Creating Custom Form Markup Using Zend_Form_Decorator

Rendering a form object is completely optional -- you do not need to use Zend_Form's render() methods at all. However, if you do, decorators are used to render the various form objects.

An arbitrary number of decorators may be attached to each item (elements, display groups, sub forms, or the form object itself); however, only one decorator of a given type may be attached to each item. Decorators are called in the order they are registered. Depending on the decorator, it may replace the content passed to it, or append or prepend the content.

Object state is set via configuration options passed to the constructor or the decorator's setOptions() method. When creating decorators via an item's addDecorator() or related methods, options may be passed as an argument to the method. These can be used to specify placement, a separator to use between passed in content and newly generated content, and whatever options the decorator supports.

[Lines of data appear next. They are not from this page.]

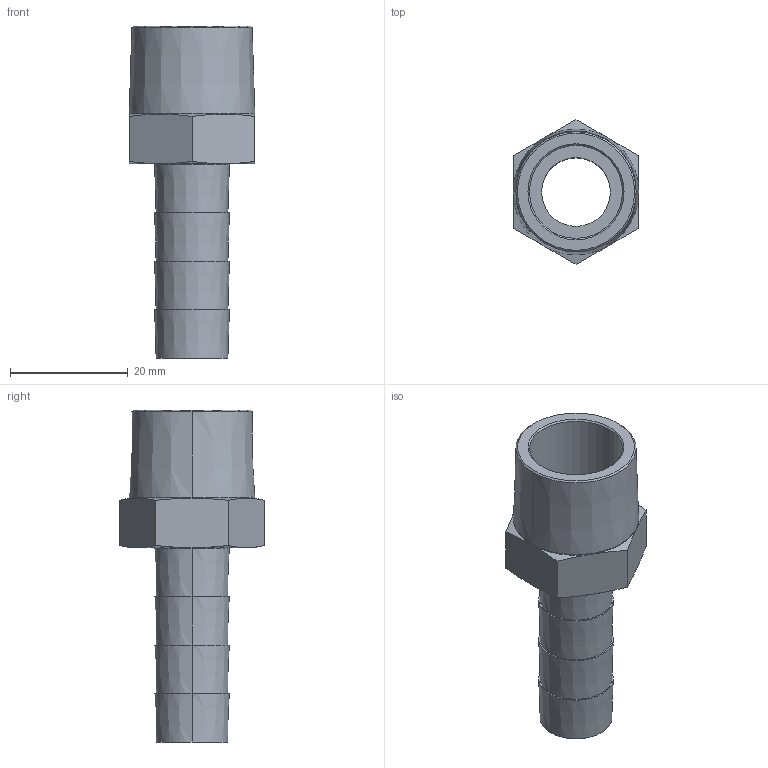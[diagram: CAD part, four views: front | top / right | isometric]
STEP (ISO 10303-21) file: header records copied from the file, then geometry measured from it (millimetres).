
FILE_DESCRIPTION (( 'STEP AP203' ), '1' );
FILE_NAME ('Hose Nipple 0.5 in,Class 150.STEP', '2025-05-09T01:44:34', '' );
FILE_SCHEMA (( 'CONFIG_CONTROL_DESIGN' ));
Length unit declared in the file: inch
Products named in the file (1): Hose Nipple 0.5 in,Class 150
Bounding box: 21.34 x 24.64 x 56.39 mm (x, y, z)
Volume: 5065.6 mm3; surface area: 5688.8 mm2
Topology: 1 solids, 1 shells, 47 faces, 98 edges, 58 vertices
Faces by surface type: cone 26, plane 13, cylinder 8
Entity records: 1357 total; most frequent: CARTESIAN_POINT 284, DIRECTION 216, ORIENTED_EDGE 196, EDGE_CURVE 98, AXIS2_PLACEMENT_3D 94, VERTEX_POINT 58, EDGE_LOOP 54, FACE_OUTER_BOUND 47

Before each decorator's render() method is called, the current item is set in the decorator using setElement(), giving the decorator awareness of the item being rendered. This allows you to create decorators that only render specific portions of the item -- such as the label, the value, error messages, etc. By stringing together several decorators that render specific element segments, you can build complex markup representing the entire item.

Operation

To configure a decorator, pass an array of options or a Zend_Config object to its constructor, an array to setOptions(), or a Zend_Config object to setConfig().

Standard options include:

  • placement: Placement can be either 'append' or 'prepend' (case insensitive), and indicates whether content passed to render() will be appended or prepended, respectively. In the case that a decorator replaces the content, this setting is ignored. The default setting is to append.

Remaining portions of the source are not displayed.